The OpenTelemetry project is an ambitious endeavor with of goal of bringing together various technologies to form a vendor neutral observability platform. Within the past year, many of the biggest names in tech provide native support within their commercial projects.

Formed through a merger of the OpenTracing and OpenCensus projects under the Cloud Native Computing Foundation (CNCF), OpenTelemetry (powered by observIQ’s log agent, Stanza) aims to make rich data collections across applications easier and more consumable.

What Is the OpenTelemetry Project?

OpenTelemetry is an ecosystem of instrumentation libraries and tools that are used to generate, collect, process, and export telemetry data for analysis. OpenTelemetry helps you better understand your software behavior and performance.

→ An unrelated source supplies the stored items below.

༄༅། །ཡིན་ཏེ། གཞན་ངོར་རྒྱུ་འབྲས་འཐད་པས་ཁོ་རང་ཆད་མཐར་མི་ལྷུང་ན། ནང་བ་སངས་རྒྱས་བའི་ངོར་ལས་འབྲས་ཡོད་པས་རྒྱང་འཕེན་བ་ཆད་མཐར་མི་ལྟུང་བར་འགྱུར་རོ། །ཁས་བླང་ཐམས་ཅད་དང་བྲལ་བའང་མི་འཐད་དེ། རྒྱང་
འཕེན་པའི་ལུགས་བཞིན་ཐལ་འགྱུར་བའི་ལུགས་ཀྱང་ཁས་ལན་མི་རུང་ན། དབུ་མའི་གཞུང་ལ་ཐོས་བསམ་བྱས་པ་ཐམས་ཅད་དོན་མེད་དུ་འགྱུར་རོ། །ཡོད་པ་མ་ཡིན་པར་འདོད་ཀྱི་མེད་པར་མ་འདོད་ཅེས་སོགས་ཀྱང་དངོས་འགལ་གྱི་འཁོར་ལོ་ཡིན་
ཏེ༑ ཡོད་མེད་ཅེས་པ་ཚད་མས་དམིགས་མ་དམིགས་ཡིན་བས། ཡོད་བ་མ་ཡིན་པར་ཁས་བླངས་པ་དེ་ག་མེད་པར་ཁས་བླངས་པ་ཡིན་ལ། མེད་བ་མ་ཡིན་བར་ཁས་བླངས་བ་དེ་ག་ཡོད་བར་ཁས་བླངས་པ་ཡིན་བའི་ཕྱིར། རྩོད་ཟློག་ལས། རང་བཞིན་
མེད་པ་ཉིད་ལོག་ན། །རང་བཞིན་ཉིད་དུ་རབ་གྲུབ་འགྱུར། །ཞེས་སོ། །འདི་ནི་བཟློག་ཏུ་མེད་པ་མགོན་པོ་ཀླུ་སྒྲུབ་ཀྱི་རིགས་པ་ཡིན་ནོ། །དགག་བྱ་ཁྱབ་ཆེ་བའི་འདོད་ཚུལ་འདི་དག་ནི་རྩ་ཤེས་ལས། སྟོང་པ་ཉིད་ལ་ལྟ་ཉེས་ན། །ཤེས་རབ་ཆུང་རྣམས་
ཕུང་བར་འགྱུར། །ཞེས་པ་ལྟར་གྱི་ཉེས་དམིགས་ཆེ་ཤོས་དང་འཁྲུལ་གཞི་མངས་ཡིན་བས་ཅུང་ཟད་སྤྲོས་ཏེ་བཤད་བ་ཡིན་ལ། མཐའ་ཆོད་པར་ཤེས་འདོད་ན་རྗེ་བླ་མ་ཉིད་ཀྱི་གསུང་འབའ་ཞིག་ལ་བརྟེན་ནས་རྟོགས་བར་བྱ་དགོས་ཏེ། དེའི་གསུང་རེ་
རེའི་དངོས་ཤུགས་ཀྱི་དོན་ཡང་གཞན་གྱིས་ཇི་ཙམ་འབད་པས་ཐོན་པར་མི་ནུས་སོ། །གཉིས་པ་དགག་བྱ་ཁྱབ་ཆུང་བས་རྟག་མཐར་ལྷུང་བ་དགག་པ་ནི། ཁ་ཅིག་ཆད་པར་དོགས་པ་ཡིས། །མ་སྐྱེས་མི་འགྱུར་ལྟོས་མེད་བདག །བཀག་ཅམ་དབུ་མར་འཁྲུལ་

OpenTelemetry provides a standard using open-source software to produce metrics from cloud-native infrastructure and applications. Using language-specific instrumentation libraries, signals can be exported directly from applications. Alternately, the OpenTelemetry Collector can capture signals from web frameworks, RPC systems, storage clients, and other applications in use.

OpenTelemetry Examples

OpenTelemetry can be used to capture logs, metrics, and traces. This allows you to observe the state of microservices within applications. You can trace requests as they flow between microservices, capture related events, and track resource usage of shared systems.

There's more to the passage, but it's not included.